If you want to apply this style to all graphs in a notebook, instead of using the matplotlib.pyplot.style.use(style) method, call matplotlib.pyplot.xkcd() at the beginning of the notebook.

You may also create your own styles and use them for your graphs. Check the article by Robert Ritz on how to do this.

Increasing the Distinguishability of Lines

Unfortunately, the default palettes have a low number of pre-defined colors. For instance, the seaborn-colorblind style defines only six colors. Therefore, if you have more than six different variables to plot on the same graph, you will get some of them using the same color. For instance, you can see in Figure 8 that Lines A and G have the same color.
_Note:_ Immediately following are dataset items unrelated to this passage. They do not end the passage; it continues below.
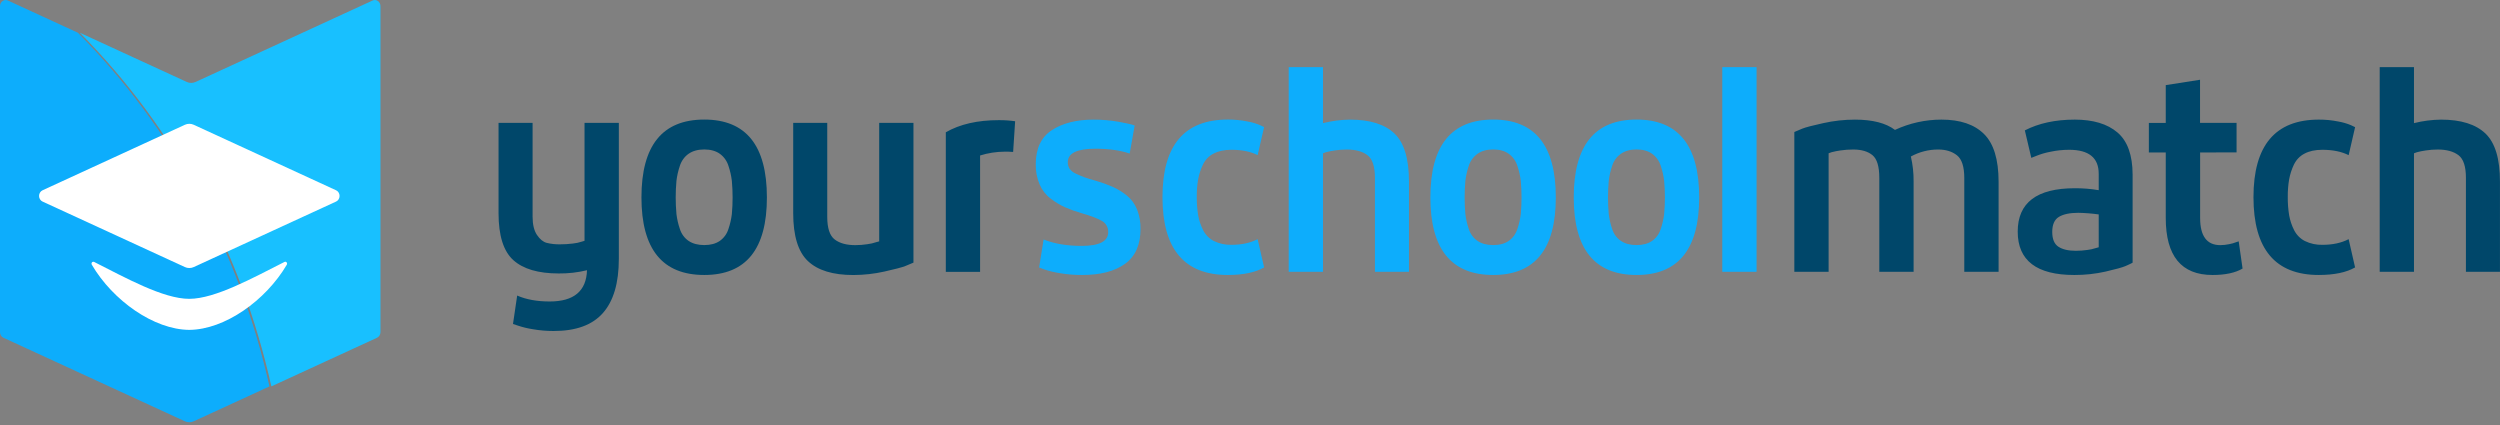 <svg width="200" height="34" viewBox="0 0 200 34" fill="none" xmlns="http://www.w3.org/2000/svg">
<rect x="0" y="0" width="200" height="34" fill="#808080" stroke="none"/>
<g clip-path="url(#clip0_2605_636)">
<path d="M29.81 0.039L15.647 6.556C15.536 6.607 15.416 6.633 15.294 6.633C15.173 6.633 15.053 6.607 14.942 6.556L6.383 2.618C13.946 10.211 19.277 20.052 21.709 30.91L30.162 27.02C30.245 26.981 30.314 26.919 30.362 26.84C30.411 26.759 30.437 26.665 30.437 26.57V0.49C30.437 0.408 30.419 0.329 30.384 0.258C30.349 0.188 30.298 0.127 30.235 0.081C30.174 0.037 30.102 0.011 30.028 0.003C29.953 -0.004 29.878 0.008 29.81 0.039Z" fill="#18C0FF"/>
<path d="M6.232 2.619L0.627 0.039C0.559 0.007 0.483 -0.005 0.409 0.002C0.334 0.01 0.263 0.037 0.202 0.082C0.139 0.128 0.087 0.188 0.053 0.258C0.018 0.33 -0 0.41 8.83765e-06 0.49V26.57C8.83765e-06 26.667 0.026 26.76 0.075 26.84C0.124 26.92 0.193 26.983 0.275 27.02L14.79 33.703C14.9 33.754 15.021 33.781 15.143 33.781C15.264 33.781 15.384 33.754 15.495 33.703L21.557 30.913C19.126 20.054 13.795 10.213 6.232 2.619Z" fill="#0DADFC"/>
<path d="M26.89 15.224L15.497 9.981C15.387 9.93 15.267 9.904 15.145 9.904C15.023 9.904 14.903 9.93 14.793 9.981L3.401 15.224C3.318 15.263 3.248 15.326 3.201 15.404C3.151 15.485 3.125 15.579 3.125 15.674C3.125 15.769 3.151 15.863 3.201 15.944C3.25 16.024 3.319 16.086 3.401 16.124L14.793 21.366C14.903 21.417 15.023 21.443 15.145 21.443C15.267 21.443 15.387 21.417 15.497 21.366L26.89 16.124C26.973 16.085 27.043 16.023 27.09 15.944C27.14 15.863 27.166 15.769 27.166 15.674C27.166 15.579 27.14 15.485 27.09 15.404C27.043 15.326 26.973 15.263 26.89 15.224Z" fill="white"/>
<path d="M15.143 26.39C12.32 26.37 9.033 24.055 7.343 21.176C7.322 21.141 7.316 21.099 7.324 21.059C7.332 21.02 7.354 20.985 7.387 20.962C7.407 20.948 7.43 20.94 7.454 20.939C7.479 20.937 7.503 20.942 7.525 20.952C10.027 22.212 13.058 23.91 15.143 23.907C17.228 23.904 20.264 22.213 22.763 20.952C22.793 20.937 22.828 20.934 22.861 20.943C22.894 20.953 22.922 20.974 22.94 21.003C22.962 21.038 22.971 21.079 22.964 21.12C22.96 21.14 22.954 21.159 22.944 21.176C21.254 24.055 17.967 26.371 15.143 26.39Z" fill="white"/>
<path d="M42.607 9.829V17.327C42.607 17.959 42.723 18.447 42.955 18.792C43.187 19.137 43.445 19.349 43.73 19.428C44.085 19.515 44.45 19.555 44.814 19.546C45.156 19.547 45.497 19.526 45.837 19.482C46.077 19.458 46.312 19.407 46.542 19.331L46.762 19.266V9.829H49.507V20.71C49.507 22.634 49.083 24.078 48.235 25.04C47.387 26.004 46.069 26.484 44.279 26.48C43.73 26.48 43.181 26.434 42.639 26.34C42.23 26.279 41.828 26.182 41.436 26.05L41.039 25.92L41.374 23.644C42.089 23.96 42.958 24.118 43.978 24.118C45.913 24.118 46.906 23.284 46.96 21.618C46.218 21.798 45.457 21.886 44.694 21.877C43.064 21.877 41.854 21.521 41.066 20.81C40.277 20.098 39.883 18.845 39.883 17.05V9.828H42.607V9.829ZM56.343 21.998C52.991 21.998 51.316 19.93 51.316 15.792C51.316 11.641 52.991 9.565 56.342 9.565C59.682 9.565 61.351 11.641 61.352 15.792C61.352 19.93 59.683 21.998 56.343 21.998ZM58.548 14.468C58.5 14.064 58.41 13.667 58.28 13.282C58.162 12.888 57.918 12.544 57.585 12.302C57.26 12.072 56.845 11.957 56.342 11.957C55.839 11.957 55.422 12.072 55.09 12.301C54.758 12.531 54.51 12.878 54.384 13.282C54.254 13.665 54.164 14.062 54.116 14.467C54.036 15.352 54.036 16.242 54.116 17.127C54.165 17.529 54.255 17.923 54.384 18.303C54.508 18.705 54.757 19.048 55.09 19.273C55.42 19.495 55.838 19.606 56.342 19.606C56.846 19.606 57.26 19.495 57.585 19.272C57.919 19.036 58.164 18.694 58.28 18.302C58.409 17.923 58.499 17.529 58.548 17.128C58.628 16.243 58.628 15.352 58.548 14.468ZM66.18 17.349C66.18 18.253 66.379 18.857 66.777 19.159C67.174 19.461 67.724 19.612 68.426 19.611C68.752 19.611 69.077 19.586 69.4 19.535C69.636 19.505 69.869 19.451 70.096 19.374L70.335 19.309V9.829H73.077V21.01C72.918 21.082 72.703 21.173 72.432 21.28C72.16 21.387 71.604 21.535 70.762 21.722C69.942 21.906 69.105 22 68.267 22.002C66.637 22.002 65.427 21.632 64.639 20.892C63.851 20.152 63.456 18.87 63.456 17.045V9.83H66.18V17.349ZM81.052 12.155C80.821 12.137 80.589 12.13 80.357 12.134C79.695 12.139 79.038 12.241 78.407 12.439V21.747H75.665V10.582C76.792 9.935 78.203 9.612 79.899 9.612C80.337 9.609 80.776 9.638 81.211 9.699L81.051 12.155H81.052Z" fill="#00476A"/>
<path d="M85.569 13.501C85.705 13.682 85.884 13.82 86.086 13.901C86.331 14.015 86.552 14.109 86.75 14.181C86.948 14.253 87.253 14.346 87.664 14.461C88.13 14.596 88.588 14.761 89.036 14.956C89.431 15.136 89.806 15.367 90.149 15.646C90.506 15.932 90.787 16.315 90.964 16.756C91.157 17.249 91.252 17.782 91.242 18.317C91.242 19.582 90.828 20.512 90 21.108C89.172 21.705 88.03 22.001 86.573 21.998C85.973 22.002 85.373 21.953 84.78 21.852C84.355 21.787 83.936 21.686 83.528 21.549L83.13 21.399L83.488 19.159C84.348 19.501 85.363 19.672 86.529 19.672C87.947 19.672 88.656 19.306 88.656 18.573C88.661 18.385 88.614 18.2 88.522 18.037C88.433 17.879 88.3 17.75 88.139 17.667C87.795 17.467 87.245 17.259 86.489 17.043C86.05 16.918 85.619 16.763 85.198 16.58C84.792 16.394 84.409 16.162 84.055 15.89C83.666 15.594 83.36 15.201 83.168 14.751C82.955 14.243 82.85 13.697 82.86 13.147C82.86 11.882 83.29 10.97 84.153 10.41C85.014 9.85 86.121 9.57 87.472 9.57C88.148 9.568 88.822 9.626 89.49 9.742C90.146 9.857 90.574 9.958 90.772 10.043L90.375 12.284C89.616 12.027 88.701 11.897 87.631 11.897C86.161 11.897 85.425 12.256 85.424 12.974C85.419 13.16 85.469 13.344 85.569 13.501ZM98.507 11.983C97.937 11.983 97.461 12.086 97.076 12.291C96.712 12.477 96.416 12.788 96.231 13.174C96.054 13.547 95.926 13.942 95.851 14.348C95.773 14.811 95.737 15.28 95.742 15.749C95.737 16.24 95.773 16.731 95.852 17.214C95.925 17.634 96.059 18.037 96.249 18.411C96.444 18.794 96.747 19.099 97.113 19.283C97.552 19.497 98.037 19.6 98.525 19.585C99.333 19.585 100.029 19.435 100.611 19.133L101.128 21.394C100.426 21.796 99.458 21.997 98.226 21.998C94.741 21.998 92.998 19.922 92.998 15.77C92.998 11.633 94.74 9.564 98.226 9.564C98.75 9.561 99.272 9.611 99.786 9.715C100.137 9.775 100.48 9.875 100.81 10.016L101.128 10.168L100.611 12.408C100.046 12.124 99.345 11.982 98.507 11.983ZM105.839 5.368V9.85C106.548 9.672 107.275 9.578 108.006 9.57C109.596 9.57 110.779 9.94 111.555 10.68C112.331 11.42 112.718 12.702 112.718 14.526V21.744H109.994V14.224C109.994 13.319 109.795 12.715 109.397 12.414C109 12.114 108.45 11.963 107.748 11.962C107.422 11.962 107.097 11.986 106.774 12.037C106.539 12.07 106.307 12.117 106.078 12.177L105.839 12.263V21.744H103.097V5.368H105.839ZM119.456 21.998C116.105 21.998 114.43 19.93 114.43 15.792C114.43 11.641 116.105 9.565 119.456 9.565C122.796 9.565 124.466 11.641 124.465 15.792C124.465 19.93 122.795 21.998 119.456 21.998ZM121.663 14.468C121.615 14.064 121.524 13.667 121.394 13.282C121.276 12.888 121.031 12.543 120.698 12.302C120.374 12.072 119.96 11.957 119.456 11.957C118.952 11.957 118.535 12.072 118.204 12.301C117.866 12.54 117.617 12.885 117.497 13.282C117.368 13.665 117.278 14.062 117.229 14.467C117.151 15.352 117.151 16.242 117.229 17.127C117.279 17.529 117.369 17.923 117.497 18.303C117.621 18.705 117.871 19.048 118.204 19.273C118.535 19.495 118.953 19.606 119.456 19.606C119.959 19.606 120.373 19.495 120.698 19.272C121.026 19.045 121.272 18.703 121.394 18.302C121.523 17.923 121.613 17.529 121.663 17.128C121.742 16.243 121.742 15.352 121.663 14.468ZM130.925 21.998C127.575 21.998 125.899 19.93 125.899 15.792C125.899 11.641 127.575 9.565 130.925 9.565C134.266 9.565 135.935 11.641 135.935 15.792C135.935 19.93 134.265 21.998 130.925 21.998ZM133.132 14.468C133.084 14.064 132.995 13.667 132.864 13.282C132.746 12.888 132.501 12.543 132.168 12.302C131.843 12.072 131.429 11.957 130.925 11.957C130.422 11.957 130.004 12.072 129.674 12.301C129.336 12.54 129.087 12.885 128.967 13.282C128.837 13.665 128.748 14.062 128.7 14.467C128.62 15.352 128.62 16.243 128.7 17.127C128.748 17.529 128.838 17.923 128.967 18.303C129.091 18.705 129.341 19.048 129.674 19.273C130.004 19.495 130.422 19.606 130.925 19.606C131.429 19.606 131.843 19.495 132.168 19.272C132.496 19.045 132.742 18.703 132.864 18.302C132.993 17.923 133.083 17.529 133.132 17.128C133.212 16.243 133.212 15.352 133.132 14.468ZM140.526 21.744H137.782V5.368H140.526V21.744Z" fill="#0DADFC"/>
<path d="M150.344 14.224C150.344 13.318 150.162 12.714 149.798 12.414C149.434 12.113 148.92 11.962 148.257 11.961C147.914 11.96 147.572 11.985 147.234 12.036C146.997 12.069 146.761 12.116 146.528 12.176L146.289 12.263V21.743H143.547V10.56C143.692 10.492 143.904 10.402 144.183 10.291C144.463 10.18 145.022 10.033 145.863 9.85C146.695 9.664 147.544 9.57 148.397 9.57C149.802 9.57 150.869 9.843 151.597 10.392C152.762 9.851 154.03 9.57 155.315 9.569C156.812 9.569 157.948 9.953 158.723 10.722C159.498 11.49 159.886 12.758 159.887 14.525V21.744H157.143V14.246C157.143 13.34 156.948 12.732 156.557 12.424C156.166 12.116 155.666 11.961 155.056 11.961C154.291 11.96 153.539 12.152 152.869 12.521C153.022 13.176 153.096 13.85 153.088 14.525V21.744H150.344V14.224ZM167.897 15.214V13.9C167.897 12.622 167.108 11.983 165.532 11.983C165.024 11.983 164.517 12.037 164.021 12.144C163.631 12.217 163.25 12.329 162.883 12.479L162.504 12.629L161.987 10.431C163.1 9.857 164.432 9.57 165.982 9.569C167.453 9.569 168.591 9.912 169.396 10.597C170.201 11.283 170.605 12.407 170.609 13.969V21.015C170.423 21.113 170.233 21.203 170.04 21.285C169.792 21.391 169.265 21.539 168.451 21.726C167.628 21.911 166.789 22.002 165.949 21.999C162.927 21.999 161.417 20.842 161.417 18.529C161.417 16.216 162.941 15.059 165.989 15.059C166.627 15.056 167.266 15.107 167.897 15.214ZM166.983 19.997C167.212 19.971 167.439 19.921 167.659 19.847L167.897 19.782V17.154C167.357 17.079 166.812 17.036 166.267 17.025C165.591 17.025 165.074 17.133 164.716 17.348C164.358 17.563 164.179 17.965 164.179 18.555C164.179 19.129 164.345 19.525 164.676 19.74C165.007 19.956 165.472 20.064 166.068 20.063C166.374 20.063 166.679 20.04 166.983 19.997ZM176.01 12.198V17.434C176.01 18.884 176.547 19.61 177.622 19.611C177.859 19.609 178.095 19.584 178.328 19.535C178.522 19.5 178.712 19.446 178.897 19.373L179.096 19.308L179.405 21.485C178.822 21.827 178.02 21.999 177 21.999C174.507 21.999 173.26 20.477 173.26 17.435V12.198H171.908V9.834H173.26V6.81L176.003 6.38V9.827H178.925V12.192L176.01 12.197V12.198ZM185.786 11.983C185.217 11.983 184.74 12.086 184.355 12.292C183.992 12.478 183.695 12.788 183.51 13.175C183.334 13.545 183.207 13.94 183.131 14.349C183.053 14.811 183.017 15.28 183.022 15.749C183.016 16.241 183.053 16.731 183.131 17.215C183.205 17.634 183.339 18.037 183.528 18.411C183.724 18.794 184.026 19.099 184.393 19.283C184.832 19.497 185.316 19.6 185.804 19.585C186.613 19.585 187.309 19.435 187.891 19.133L188.407 21.394C187.706 21.796 186.738 21.997 185.505 21.998C182.021 21.998 180.278 19.924 180.278 15.775C180.278 11.638 182.021 9.569 185.506 9.569C186.03 9.566 186.552 9.617 187.066 9.721C187.417 9.781 187.76 9.881 188.091 10.021L188.408 10.173L187.892 12.413C187.323 12.126 186.621 11.983 185.786 11.983ZM193.119 5.368V9.85C193.828 9.672 194.555 9.578 195.286 9.57C196.876 9.57 198.059 9.94 198.835 10.68C199.61 11.42 199.998 12.702 199.997 14.526V21.744H197.274V14.224C197.274 13.319 197.075 12.715 196.677 12.414C196.279 12.114 195.73 11.963 195.028 11.962C194.702 11.962 194.377 11.986 194.054 12.037C193.82 12.07 193.587 12.117 193.358 12.177L193.119 12.263V21.744H190.376V5.368H193.119Z" fill="#00476A"/>
</g>
<defs>
<clipPath id="clip0_2605_636">
<rect width="200" height="34" fill="white"/>
</clipPath>
</defs>
</svg>

At the same time, in research, it is typical when you have to combine an even higher number of experiment results on the same plot. Fortunately, matplotlib provides some facilities to increase the distinguishability of lines: you can achieve this either using different markers or with different line styles. The former approach is useful when you have several sparse points, and the line joins them. The latter approach is convenient when the number of dots is very high, or they are close to each other. Anyway, the handier method for both approaches is to define a custom cycler that iterates either over different markers or line styles. Additionally, the colors of lines and markers could be another mechanism to distinguish lines.

A custom Cycler object, used to change line styles in graphs, is defined with a helper factory method called cycler defined in the cycler module. For instance, the following code imports this function and defines a custom cycler with different markers:

from cycler import cycler
custom_marker_cycler = (cycler(marker=['o', 'x', 's', 'P']))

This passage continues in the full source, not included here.